RECIPE: Summer Cheesecake

Happy Solstice!

Spring came late, rather it never really showed up this year where I live in Portland Oregon, but it’s my understanding that Summer is blazing right in this week as we celebrate the solstice! We are going from the 50s to the 80s according to the weather report. This makes me excited to share on of my favorite summer desserts, I call it Summer Cheesecake. It’s a no-bake cheesecake that uses gelatin. Some folks are anti gelatin, but with cheesecake being usually full of cream cheese and cream and butter, it’s not such a big deal, and surely there’s some vegan gelatin replacement that could be used.

Summer Cheesecake (no bake)

Crust:

1 1/4 c. graham cracker crumbs

1/4 c sugar

5 TB butter melted

1 tsp. Vanilla extract

Filling:

1 Envelope unflavored gelatin

1/2 c sugar

1 c. boiling water

16 oz. cream cheese (room temperature)

3 T Vanilla Extract

Directions:

For the crust, combine all ingredients and mixx well. Press into a pie pan and up the sides until it holds in place. Chill crust while preapring filling.

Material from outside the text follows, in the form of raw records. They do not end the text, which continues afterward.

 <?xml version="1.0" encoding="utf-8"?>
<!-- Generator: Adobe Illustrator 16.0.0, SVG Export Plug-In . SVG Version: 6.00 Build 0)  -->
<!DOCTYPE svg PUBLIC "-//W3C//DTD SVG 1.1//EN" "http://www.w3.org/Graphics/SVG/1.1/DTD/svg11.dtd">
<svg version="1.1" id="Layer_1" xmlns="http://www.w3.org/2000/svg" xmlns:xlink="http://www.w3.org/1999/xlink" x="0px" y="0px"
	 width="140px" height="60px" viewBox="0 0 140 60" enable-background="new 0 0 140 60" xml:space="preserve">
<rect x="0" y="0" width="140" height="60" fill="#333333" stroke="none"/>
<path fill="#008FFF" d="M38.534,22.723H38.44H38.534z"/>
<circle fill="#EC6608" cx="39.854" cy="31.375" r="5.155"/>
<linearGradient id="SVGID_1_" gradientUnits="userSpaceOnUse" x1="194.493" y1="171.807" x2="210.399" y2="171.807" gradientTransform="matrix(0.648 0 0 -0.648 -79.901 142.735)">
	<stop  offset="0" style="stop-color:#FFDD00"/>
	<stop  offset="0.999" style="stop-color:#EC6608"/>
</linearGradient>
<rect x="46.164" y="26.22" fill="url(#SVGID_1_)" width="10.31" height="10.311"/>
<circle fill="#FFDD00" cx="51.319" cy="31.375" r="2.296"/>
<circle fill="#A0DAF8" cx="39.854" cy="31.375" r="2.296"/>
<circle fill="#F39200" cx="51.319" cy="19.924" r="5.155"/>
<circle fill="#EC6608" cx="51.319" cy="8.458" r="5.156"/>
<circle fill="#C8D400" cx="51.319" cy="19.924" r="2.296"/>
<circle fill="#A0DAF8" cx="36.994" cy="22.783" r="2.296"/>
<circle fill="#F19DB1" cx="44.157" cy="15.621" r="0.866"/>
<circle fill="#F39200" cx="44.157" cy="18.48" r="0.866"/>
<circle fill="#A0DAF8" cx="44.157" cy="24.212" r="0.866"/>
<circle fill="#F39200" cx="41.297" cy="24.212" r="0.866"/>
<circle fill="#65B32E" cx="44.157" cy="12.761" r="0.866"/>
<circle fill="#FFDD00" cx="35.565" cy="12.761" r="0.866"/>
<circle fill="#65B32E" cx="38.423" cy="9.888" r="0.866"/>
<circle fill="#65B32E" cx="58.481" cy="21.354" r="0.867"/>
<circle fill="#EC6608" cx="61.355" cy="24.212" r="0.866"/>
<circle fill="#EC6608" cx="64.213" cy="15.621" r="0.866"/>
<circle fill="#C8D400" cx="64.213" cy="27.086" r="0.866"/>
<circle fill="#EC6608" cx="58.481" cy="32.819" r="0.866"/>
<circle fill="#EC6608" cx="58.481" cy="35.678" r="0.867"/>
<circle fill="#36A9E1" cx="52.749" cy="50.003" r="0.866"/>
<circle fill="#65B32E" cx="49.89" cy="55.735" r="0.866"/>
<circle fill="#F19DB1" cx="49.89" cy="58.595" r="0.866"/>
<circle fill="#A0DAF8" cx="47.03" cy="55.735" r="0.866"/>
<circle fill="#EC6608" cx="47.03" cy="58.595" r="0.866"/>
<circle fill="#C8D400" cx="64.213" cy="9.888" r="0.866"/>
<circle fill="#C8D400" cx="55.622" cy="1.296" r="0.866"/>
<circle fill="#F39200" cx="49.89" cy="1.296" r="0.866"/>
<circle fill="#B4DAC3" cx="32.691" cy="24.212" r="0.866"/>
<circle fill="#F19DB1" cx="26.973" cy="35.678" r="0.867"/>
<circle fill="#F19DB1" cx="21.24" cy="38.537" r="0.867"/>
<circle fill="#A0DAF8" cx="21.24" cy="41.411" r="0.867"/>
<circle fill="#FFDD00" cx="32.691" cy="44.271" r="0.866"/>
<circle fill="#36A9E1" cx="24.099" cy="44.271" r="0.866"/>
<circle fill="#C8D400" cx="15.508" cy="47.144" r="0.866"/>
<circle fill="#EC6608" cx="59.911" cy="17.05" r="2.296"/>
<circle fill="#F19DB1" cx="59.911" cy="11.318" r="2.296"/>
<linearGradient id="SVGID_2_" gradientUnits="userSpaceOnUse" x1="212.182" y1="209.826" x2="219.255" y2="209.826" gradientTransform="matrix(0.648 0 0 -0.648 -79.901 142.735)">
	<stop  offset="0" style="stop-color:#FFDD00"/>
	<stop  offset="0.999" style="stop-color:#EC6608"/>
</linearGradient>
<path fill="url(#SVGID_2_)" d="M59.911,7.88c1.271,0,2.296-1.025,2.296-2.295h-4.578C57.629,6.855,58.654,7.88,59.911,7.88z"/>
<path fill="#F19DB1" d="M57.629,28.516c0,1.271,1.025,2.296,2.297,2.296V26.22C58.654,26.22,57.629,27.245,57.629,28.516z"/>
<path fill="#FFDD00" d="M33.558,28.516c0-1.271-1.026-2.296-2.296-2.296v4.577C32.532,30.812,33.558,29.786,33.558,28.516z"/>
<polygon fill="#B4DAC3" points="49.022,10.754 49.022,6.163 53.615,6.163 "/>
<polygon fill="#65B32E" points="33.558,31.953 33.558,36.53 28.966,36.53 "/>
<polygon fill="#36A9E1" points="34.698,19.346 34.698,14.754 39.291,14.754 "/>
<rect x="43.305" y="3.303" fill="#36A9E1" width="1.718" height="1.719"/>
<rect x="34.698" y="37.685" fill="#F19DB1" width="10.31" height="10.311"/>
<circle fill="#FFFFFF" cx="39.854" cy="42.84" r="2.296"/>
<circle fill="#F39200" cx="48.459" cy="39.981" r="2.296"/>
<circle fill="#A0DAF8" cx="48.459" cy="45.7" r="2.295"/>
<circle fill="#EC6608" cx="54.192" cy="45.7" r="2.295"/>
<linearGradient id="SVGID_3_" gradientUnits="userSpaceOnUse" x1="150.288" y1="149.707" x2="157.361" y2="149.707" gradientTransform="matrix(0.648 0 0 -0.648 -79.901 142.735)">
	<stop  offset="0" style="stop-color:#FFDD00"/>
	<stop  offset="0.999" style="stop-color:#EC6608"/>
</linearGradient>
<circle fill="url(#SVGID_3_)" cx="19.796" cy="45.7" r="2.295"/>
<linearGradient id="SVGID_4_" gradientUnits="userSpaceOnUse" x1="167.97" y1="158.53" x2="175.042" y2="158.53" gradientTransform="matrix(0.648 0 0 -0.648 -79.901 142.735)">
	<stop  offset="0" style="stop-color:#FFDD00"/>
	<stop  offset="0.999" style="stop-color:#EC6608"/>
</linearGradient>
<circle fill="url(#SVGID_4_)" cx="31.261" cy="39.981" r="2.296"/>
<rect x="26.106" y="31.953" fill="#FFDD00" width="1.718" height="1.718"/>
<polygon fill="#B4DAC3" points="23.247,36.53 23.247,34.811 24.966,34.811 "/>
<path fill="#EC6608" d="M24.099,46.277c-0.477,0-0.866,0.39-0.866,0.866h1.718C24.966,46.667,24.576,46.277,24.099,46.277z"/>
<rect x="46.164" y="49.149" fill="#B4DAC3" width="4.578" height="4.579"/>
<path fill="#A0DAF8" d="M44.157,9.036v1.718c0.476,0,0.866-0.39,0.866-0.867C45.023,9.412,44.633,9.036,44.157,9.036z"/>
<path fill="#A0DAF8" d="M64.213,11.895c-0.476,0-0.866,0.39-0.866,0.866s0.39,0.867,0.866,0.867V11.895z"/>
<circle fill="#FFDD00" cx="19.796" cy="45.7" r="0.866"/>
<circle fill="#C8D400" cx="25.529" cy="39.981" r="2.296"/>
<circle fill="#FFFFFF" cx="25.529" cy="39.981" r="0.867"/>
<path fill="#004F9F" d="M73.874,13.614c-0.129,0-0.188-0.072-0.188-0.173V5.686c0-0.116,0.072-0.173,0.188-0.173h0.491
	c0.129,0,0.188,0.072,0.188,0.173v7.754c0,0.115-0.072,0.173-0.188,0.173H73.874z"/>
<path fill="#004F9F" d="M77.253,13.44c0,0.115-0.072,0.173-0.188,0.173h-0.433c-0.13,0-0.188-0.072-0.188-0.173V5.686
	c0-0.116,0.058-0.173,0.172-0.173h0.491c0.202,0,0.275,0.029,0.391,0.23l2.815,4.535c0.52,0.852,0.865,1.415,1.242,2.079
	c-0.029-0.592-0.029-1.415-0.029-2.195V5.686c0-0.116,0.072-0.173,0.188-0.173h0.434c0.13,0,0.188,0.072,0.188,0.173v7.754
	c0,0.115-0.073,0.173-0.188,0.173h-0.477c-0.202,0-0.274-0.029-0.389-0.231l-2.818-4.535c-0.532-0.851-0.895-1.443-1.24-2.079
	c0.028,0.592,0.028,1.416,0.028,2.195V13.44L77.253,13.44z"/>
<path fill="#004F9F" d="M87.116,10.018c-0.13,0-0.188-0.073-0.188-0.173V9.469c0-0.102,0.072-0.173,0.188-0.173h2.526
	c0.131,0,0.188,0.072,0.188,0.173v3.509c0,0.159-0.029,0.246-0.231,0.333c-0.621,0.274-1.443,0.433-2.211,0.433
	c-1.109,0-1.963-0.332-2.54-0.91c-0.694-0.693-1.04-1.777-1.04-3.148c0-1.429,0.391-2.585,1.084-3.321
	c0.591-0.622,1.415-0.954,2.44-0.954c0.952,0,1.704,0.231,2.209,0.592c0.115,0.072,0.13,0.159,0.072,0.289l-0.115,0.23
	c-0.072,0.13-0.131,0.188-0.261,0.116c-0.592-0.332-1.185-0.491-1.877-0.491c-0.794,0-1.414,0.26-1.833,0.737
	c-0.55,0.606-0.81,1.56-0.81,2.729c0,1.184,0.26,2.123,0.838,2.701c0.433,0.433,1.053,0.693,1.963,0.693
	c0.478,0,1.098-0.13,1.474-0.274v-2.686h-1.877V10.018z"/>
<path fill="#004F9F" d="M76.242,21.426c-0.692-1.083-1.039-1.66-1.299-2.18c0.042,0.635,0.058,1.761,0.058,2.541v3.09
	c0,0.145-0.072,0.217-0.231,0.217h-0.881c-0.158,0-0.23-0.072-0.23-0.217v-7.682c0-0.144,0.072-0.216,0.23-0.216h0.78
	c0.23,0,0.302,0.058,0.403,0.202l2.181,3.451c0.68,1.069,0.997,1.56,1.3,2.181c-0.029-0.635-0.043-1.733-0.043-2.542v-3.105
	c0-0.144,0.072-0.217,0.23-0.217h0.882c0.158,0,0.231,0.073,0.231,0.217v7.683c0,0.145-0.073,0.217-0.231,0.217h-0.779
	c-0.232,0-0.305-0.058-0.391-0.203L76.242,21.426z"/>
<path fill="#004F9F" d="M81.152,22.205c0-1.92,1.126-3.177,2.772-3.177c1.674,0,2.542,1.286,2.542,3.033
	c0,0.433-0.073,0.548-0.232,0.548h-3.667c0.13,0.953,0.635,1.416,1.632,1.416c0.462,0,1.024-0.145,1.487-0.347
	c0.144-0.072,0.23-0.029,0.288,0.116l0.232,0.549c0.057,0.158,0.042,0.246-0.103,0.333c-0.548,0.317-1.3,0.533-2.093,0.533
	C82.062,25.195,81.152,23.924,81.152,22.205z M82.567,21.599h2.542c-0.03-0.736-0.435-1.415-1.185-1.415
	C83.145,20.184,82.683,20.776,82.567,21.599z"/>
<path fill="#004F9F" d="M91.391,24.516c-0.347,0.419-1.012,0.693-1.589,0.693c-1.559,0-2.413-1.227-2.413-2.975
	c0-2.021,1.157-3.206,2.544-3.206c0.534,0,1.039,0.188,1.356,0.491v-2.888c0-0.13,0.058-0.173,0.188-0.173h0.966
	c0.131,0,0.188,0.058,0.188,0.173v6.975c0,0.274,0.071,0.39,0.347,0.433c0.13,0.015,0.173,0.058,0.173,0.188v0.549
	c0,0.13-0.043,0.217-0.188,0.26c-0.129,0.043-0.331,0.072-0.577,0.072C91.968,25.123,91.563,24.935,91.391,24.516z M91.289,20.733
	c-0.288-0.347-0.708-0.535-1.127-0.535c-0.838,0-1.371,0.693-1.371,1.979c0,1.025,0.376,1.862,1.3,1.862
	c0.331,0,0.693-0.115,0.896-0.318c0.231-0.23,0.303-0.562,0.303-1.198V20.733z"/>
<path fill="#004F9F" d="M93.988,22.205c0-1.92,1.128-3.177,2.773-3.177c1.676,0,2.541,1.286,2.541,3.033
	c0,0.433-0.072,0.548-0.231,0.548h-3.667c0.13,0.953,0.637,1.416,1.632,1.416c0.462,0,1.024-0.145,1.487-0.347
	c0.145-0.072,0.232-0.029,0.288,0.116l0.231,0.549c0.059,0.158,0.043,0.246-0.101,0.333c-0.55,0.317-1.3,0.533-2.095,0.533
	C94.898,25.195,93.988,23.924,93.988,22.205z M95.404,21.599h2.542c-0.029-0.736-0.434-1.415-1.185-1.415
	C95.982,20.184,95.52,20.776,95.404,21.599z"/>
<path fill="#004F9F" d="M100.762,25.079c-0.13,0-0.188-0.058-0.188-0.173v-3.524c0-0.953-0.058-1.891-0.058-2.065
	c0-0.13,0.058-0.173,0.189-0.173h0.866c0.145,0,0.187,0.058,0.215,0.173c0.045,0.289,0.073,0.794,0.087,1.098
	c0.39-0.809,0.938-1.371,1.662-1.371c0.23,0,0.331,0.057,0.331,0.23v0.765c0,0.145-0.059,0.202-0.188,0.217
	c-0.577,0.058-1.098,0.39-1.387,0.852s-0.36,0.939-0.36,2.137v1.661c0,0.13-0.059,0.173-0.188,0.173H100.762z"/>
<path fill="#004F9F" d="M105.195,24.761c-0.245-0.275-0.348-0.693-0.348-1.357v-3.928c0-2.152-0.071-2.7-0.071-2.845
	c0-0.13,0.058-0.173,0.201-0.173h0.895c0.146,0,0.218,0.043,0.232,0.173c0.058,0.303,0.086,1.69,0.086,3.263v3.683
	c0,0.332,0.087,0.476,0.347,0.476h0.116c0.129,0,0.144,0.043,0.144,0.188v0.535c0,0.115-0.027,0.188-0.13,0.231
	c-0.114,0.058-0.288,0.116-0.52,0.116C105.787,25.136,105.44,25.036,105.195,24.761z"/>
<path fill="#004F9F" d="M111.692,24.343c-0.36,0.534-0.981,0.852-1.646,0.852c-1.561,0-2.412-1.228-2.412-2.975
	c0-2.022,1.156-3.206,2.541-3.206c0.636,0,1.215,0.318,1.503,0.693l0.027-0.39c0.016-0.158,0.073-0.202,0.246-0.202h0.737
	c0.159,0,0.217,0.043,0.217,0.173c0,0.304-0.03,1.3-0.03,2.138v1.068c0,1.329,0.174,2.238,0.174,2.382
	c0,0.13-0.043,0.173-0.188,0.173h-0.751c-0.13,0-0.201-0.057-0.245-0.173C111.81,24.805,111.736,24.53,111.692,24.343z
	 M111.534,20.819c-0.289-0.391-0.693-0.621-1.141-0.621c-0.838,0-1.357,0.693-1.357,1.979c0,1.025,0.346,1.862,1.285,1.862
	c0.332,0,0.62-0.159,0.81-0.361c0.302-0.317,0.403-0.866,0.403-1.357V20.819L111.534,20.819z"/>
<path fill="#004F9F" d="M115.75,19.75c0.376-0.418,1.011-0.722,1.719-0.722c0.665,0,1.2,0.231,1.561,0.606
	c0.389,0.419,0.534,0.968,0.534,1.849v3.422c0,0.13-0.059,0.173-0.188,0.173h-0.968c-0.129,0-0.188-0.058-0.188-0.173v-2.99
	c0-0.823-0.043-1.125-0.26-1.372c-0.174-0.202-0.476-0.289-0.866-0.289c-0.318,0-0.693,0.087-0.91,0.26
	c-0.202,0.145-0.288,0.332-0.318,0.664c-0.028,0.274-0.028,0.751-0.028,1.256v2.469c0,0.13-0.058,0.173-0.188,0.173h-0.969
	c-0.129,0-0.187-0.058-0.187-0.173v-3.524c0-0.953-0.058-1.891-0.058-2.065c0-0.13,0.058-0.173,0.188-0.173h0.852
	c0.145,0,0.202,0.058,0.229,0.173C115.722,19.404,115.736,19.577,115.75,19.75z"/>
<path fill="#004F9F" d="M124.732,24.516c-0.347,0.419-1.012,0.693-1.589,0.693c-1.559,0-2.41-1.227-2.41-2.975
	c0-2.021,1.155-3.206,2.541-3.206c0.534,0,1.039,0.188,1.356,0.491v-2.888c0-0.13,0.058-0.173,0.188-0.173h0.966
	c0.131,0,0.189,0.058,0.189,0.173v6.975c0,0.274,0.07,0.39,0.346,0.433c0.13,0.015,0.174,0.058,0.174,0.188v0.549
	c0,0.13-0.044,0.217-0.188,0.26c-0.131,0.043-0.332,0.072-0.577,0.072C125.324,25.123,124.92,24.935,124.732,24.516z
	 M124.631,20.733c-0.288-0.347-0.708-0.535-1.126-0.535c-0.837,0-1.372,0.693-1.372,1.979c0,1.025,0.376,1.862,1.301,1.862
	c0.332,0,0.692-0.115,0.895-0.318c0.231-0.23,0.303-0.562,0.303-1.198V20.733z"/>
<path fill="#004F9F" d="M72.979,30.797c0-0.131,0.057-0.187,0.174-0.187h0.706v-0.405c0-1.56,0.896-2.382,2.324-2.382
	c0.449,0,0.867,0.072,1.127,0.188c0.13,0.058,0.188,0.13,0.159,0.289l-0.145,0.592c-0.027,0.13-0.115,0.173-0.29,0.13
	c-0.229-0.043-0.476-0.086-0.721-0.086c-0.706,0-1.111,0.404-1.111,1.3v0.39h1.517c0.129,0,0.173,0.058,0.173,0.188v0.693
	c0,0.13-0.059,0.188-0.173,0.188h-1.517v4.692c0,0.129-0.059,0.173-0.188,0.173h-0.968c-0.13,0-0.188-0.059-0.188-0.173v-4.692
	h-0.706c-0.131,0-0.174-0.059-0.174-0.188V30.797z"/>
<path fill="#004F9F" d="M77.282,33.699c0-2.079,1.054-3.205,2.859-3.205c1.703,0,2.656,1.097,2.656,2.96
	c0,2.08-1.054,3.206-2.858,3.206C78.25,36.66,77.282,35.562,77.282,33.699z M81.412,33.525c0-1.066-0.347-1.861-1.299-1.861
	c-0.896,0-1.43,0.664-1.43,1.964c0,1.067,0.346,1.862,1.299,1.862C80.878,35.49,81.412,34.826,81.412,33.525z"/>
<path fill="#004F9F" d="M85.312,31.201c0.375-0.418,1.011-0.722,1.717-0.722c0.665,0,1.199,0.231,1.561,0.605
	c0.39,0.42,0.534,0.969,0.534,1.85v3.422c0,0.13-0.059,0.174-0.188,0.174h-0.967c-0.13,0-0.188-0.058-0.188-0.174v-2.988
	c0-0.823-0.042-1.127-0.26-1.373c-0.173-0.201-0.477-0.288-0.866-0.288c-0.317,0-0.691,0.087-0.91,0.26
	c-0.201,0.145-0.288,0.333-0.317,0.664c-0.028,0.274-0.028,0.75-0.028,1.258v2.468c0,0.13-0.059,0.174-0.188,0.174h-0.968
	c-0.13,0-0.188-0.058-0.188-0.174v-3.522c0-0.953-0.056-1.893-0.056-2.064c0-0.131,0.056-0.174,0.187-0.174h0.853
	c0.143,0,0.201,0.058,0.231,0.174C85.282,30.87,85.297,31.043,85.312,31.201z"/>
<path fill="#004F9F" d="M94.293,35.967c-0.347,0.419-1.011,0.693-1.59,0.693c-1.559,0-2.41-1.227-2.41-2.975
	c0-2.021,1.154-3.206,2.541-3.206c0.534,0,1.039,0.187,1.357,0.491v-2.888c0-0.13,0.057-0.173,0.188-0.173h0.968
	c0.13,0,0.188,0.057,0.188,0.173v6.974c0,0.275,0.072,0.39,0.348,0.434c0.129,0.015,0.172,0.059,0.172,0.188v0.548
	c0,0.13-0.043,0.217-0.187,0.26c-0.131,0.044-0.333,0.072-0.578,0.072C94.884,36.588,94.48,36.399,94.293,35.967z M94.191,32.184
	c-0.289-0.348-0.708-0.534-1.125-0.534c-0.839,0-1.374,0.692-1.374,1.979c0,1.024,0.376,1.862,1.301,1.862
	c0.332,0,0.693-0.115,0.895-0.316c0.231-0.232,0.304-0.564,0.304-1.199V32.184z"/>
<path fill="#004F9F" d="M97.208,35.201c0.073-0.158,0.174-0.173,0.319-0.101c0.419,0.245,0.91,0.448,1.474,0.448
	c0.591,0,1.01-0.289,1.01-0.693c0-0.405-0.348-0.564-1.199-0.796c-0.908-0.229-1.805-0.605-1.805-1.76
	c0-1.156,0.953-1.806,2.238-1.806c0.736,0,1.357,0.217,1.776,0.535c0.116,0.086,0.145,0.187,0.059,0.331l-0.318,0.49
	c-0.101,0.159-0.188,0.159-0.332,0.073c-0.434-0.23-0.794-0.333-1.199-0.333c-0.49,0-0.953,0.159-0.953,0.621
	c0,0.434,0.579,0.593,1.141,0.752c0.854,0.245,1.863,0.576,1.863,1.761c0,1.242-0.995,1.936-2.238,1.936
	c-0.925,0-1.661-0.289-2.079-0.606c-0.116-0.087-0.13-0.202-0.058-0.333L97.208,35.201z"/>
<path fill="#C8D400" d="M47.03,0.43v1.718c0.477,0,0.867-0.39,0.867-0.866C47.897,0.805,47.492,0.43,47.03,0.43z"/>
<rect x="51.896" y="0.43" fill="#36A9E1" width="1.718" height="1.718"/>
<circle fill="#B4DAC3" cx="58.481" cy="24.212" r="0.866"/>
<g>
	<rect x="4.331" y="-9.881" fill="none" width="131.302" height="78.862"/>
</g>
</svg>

For the filling, put gelatin in a large bowl (do NOT use a plastic bowl). Pour boiling water over the gelatin and stir until dissolved, let stand 5 minutes.

Beat in sugar and vanilla until combined.

Add cream cheese and mix until smooth.

Pour filling into pie crust. Smooth filling carefully as not to pull crust from sides.

Chill for at least 2 hours before serving.

Top with berries, whipped cream, or just by itself.